A recent update to a publicly downloadable database maintained by the National Institute of Standards and Technology (NIST) will make it easier to search computers, cell phones and other electronic equipment seized in police raids, leading law enforcement officials to could potentially help catch sexual predators and other criminals.
The database, called the National Software Reference Library (NSRL), plays a common role in criminal investigations involving electronic files, which can be evidence of wrongdoing. In the NSRL’s first major update in two decades, NIST increased the number and type of records in the database to reflect the growing variety of software files law enforcement may encounter on a device. The agency also resized the records to make the NSRL more searchable.
“There are hardly any major crimes that have no connection to digital technology because criminals use cell phones,” said Doug White, a NIST computer scientist who helps maintain the NSRL. “But maybe only some of the data on a phone or other device is relevant to an investigation. The update should make it easier for the police to separate the wheat from the chaff.”
Both criminal and civil investigations often involve digital evidence in the form of software and files from seized computers or mobile phones. Researchers need a way to filter out the large amounts of data that are not relevant to the study so that they can focus on finding relevant evidence.
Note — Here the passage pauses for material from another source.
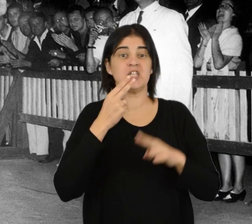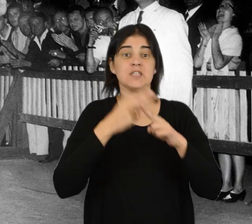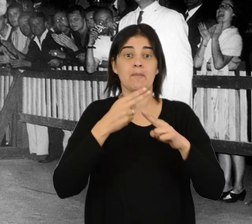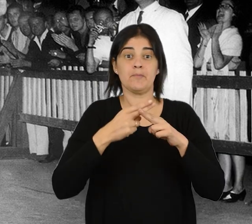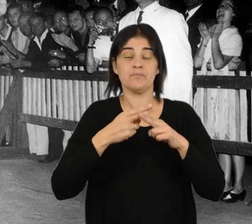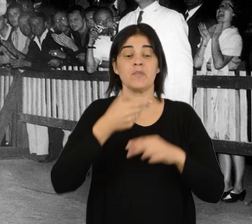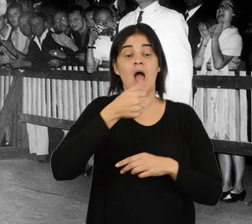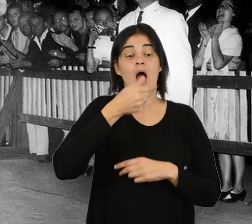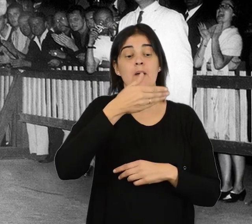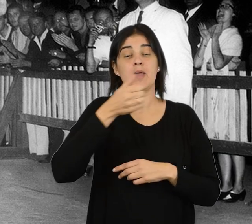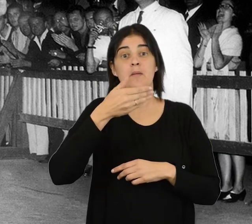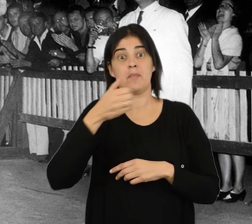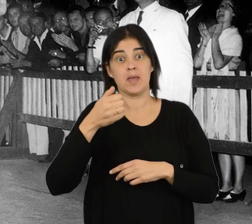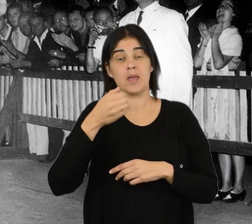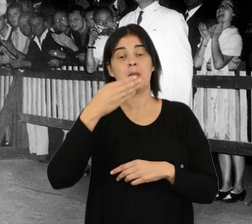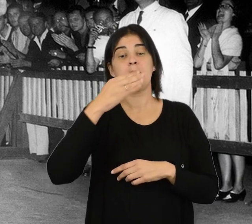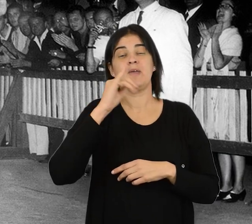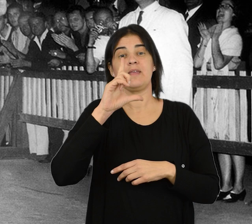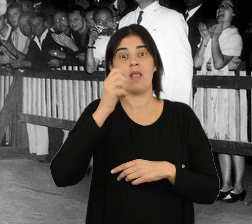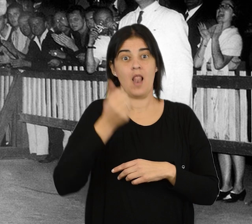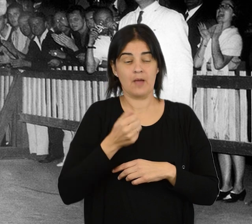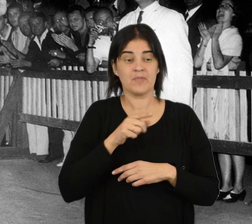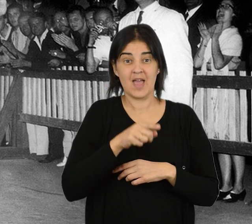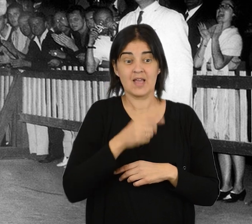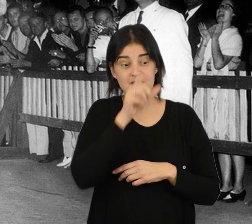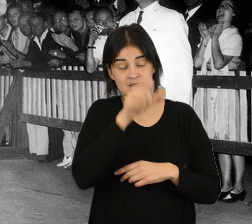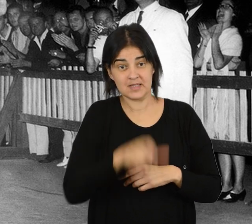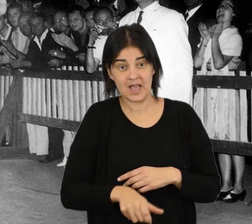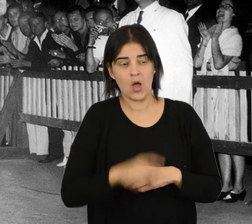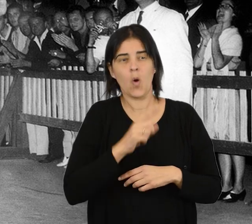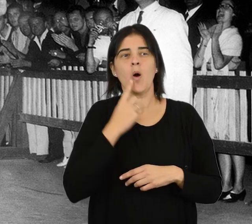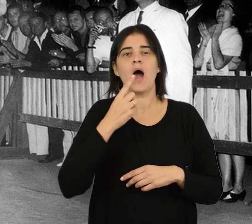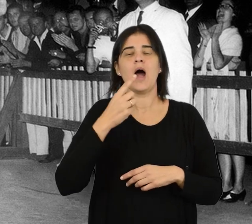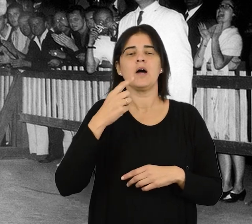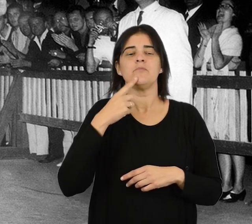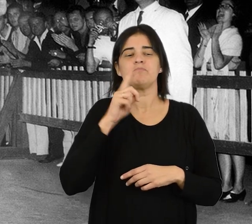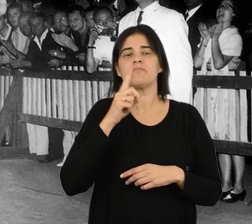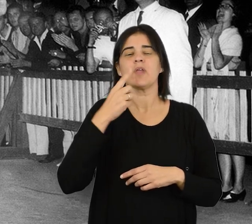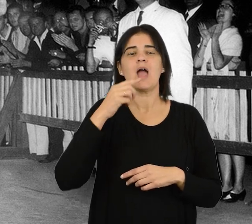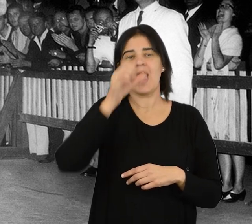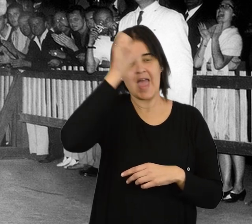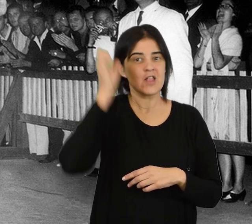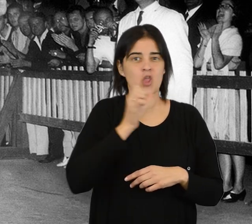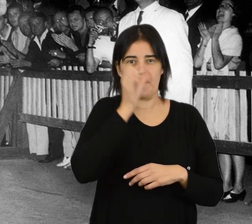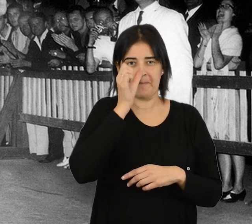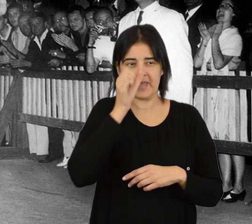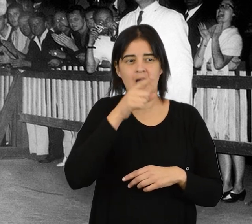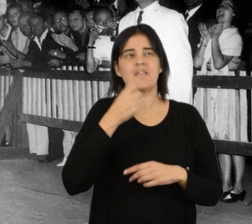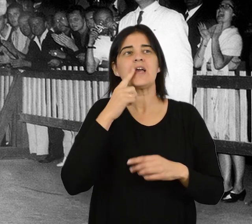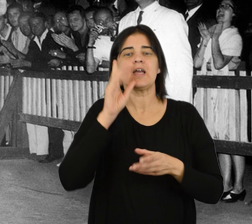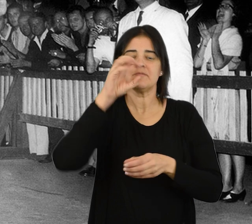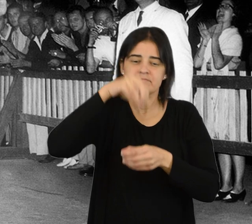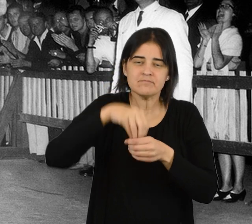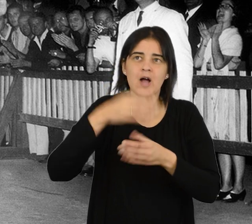llamado Abebe Viquila. Fue en Ato, un pequeño pueblo de Etiopía donde Viquila

“Suppose you have a computer that can hold incriminating photos or financial data, but also has a few video games,” White said. “Games often come with a lot of graphics files. You want to do your research as quickly and efficiently as possible, so you need a way to get rid of all the video game images. Then you can perform your more mathematical analysis on the files that remain.”
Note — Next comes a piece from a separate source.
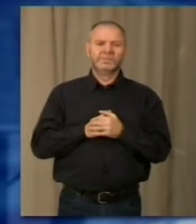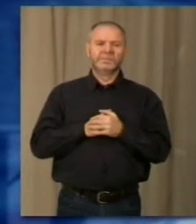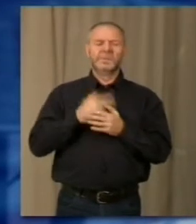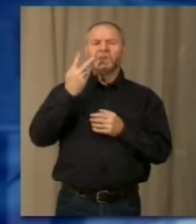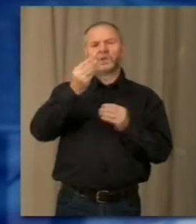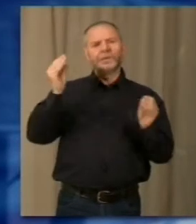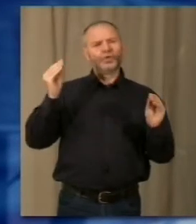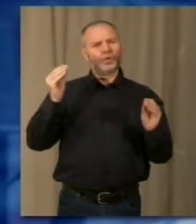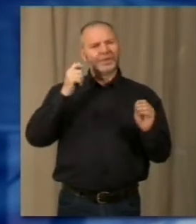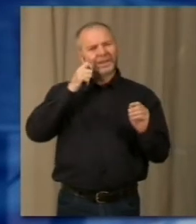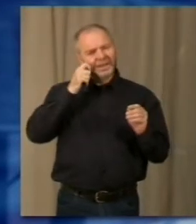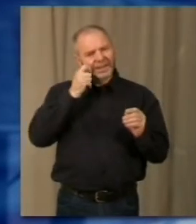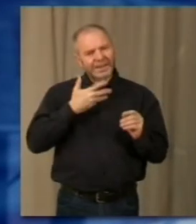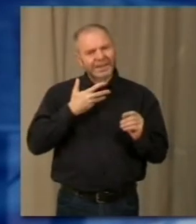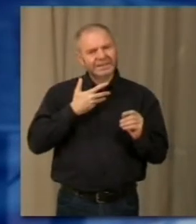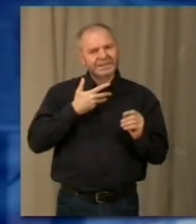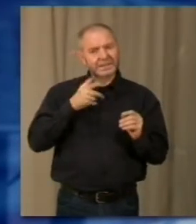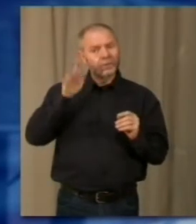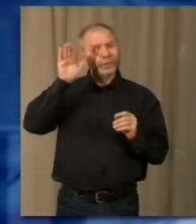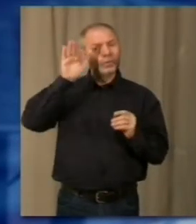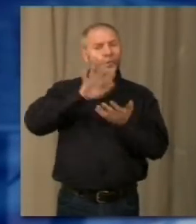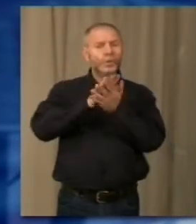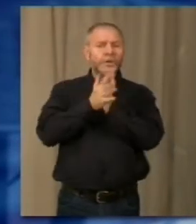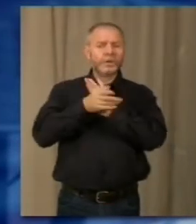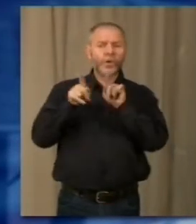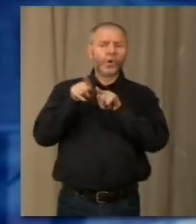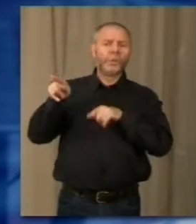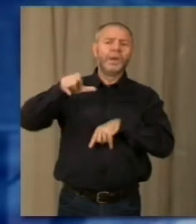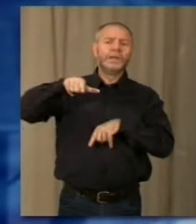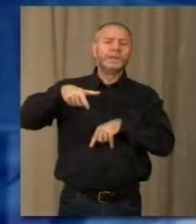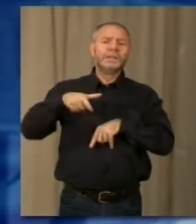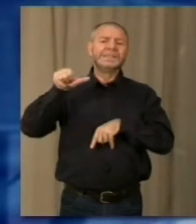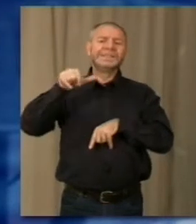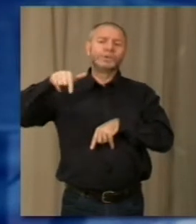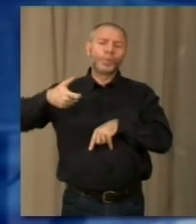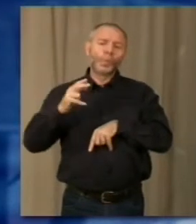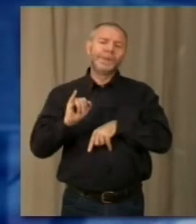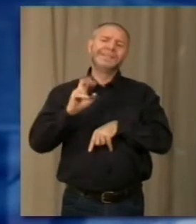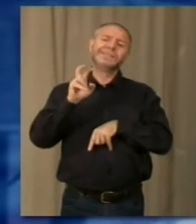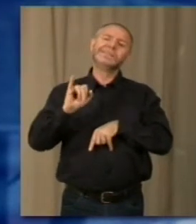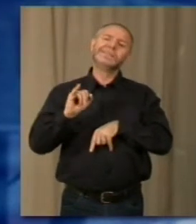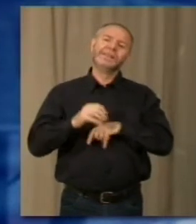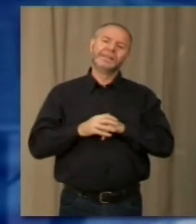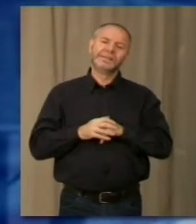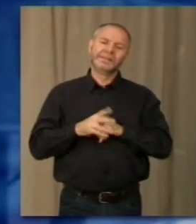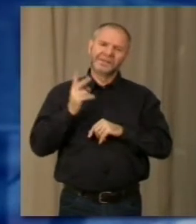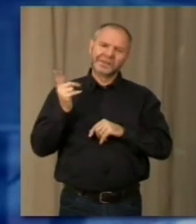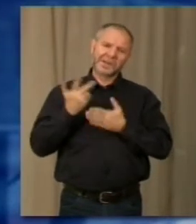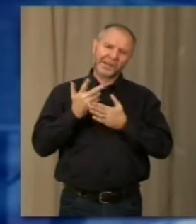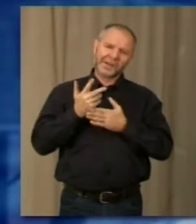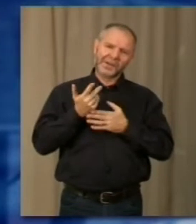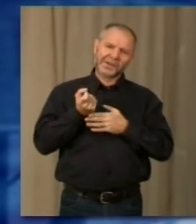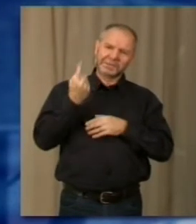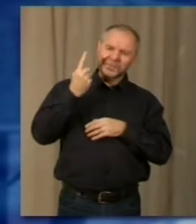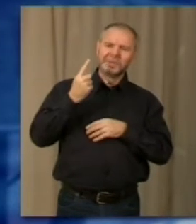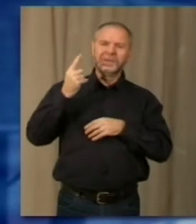'interesse dei giovani che magari diventeranno gli squizzi del futuro, glielo auguriamo, così interessati anche ai tuoi aneddoti simpatici che ci sono stati tra

The update comes at a time when researchers are dealing with a rapidly expanding universe of software, most of which produce numerous files that are stored in memory. Each of these files can be identified by a type of electronic fingerprint called a hash, which is the key to the screening process. The refinement of the sieving process may vary depending on the type of research being performed. The NSRL’s reference data set doubled in size from half a billion hash records in August 2019 to more than a billion in March 2022, and White says he expects the rapid growth to continue.
“Only some of the data on a phone or other device may be relevant to an investigation. … The update should make it easier for the police to separate the wheat from the chaff.” —NIST computer scientist Doug White
This growth makes the NSRL an extremely important tool for digital forensic labs, which specialize in this type of case review. Such work has become a critical part of investigations: There are about 11,000 digital forensics labs in the United States (compared to about 400 crime labs). While digital evidence plays a role in many types of crime, it is especially useful for tracking down child predators, who often have images of sexual abuse stored in the memory of a phone or computer.
While the number of NSRL entries is growing both numerically and by file type — White expects to add entries of Internet of Things (IoT) devices such as smart speakers in the near future — the recent update to the database should help researchers handle the burden. to grab. The previous 2.0 version, which is 20 years old, offered its hashes as basic text files that could be imported into a spreadsheet. Searching in the list was possible but cumbersome compared to modern search engine functions. The update, which is NSRL version 3.0, uses the SQLite format, making it easier for users to create custom filters to sort files and find what they need for a particular survey.
Another advantage is that the NSRL managers can distribute future changes to the dataset as relatively minor updates instead of resending the entire dataset, saving time and effort for users. White also said the NSRL would remain available in its old format for the benefit of users who may need time to adapt to the changes.
“We will continue to publish the dataset in both 2.0 and 3.0 formats until December 2022,” White said. “After that, there’s a relatively simple query that users can run to generate the 2.0 dataset if they need to.”
The dataset and more information about the update are available from the NIST website.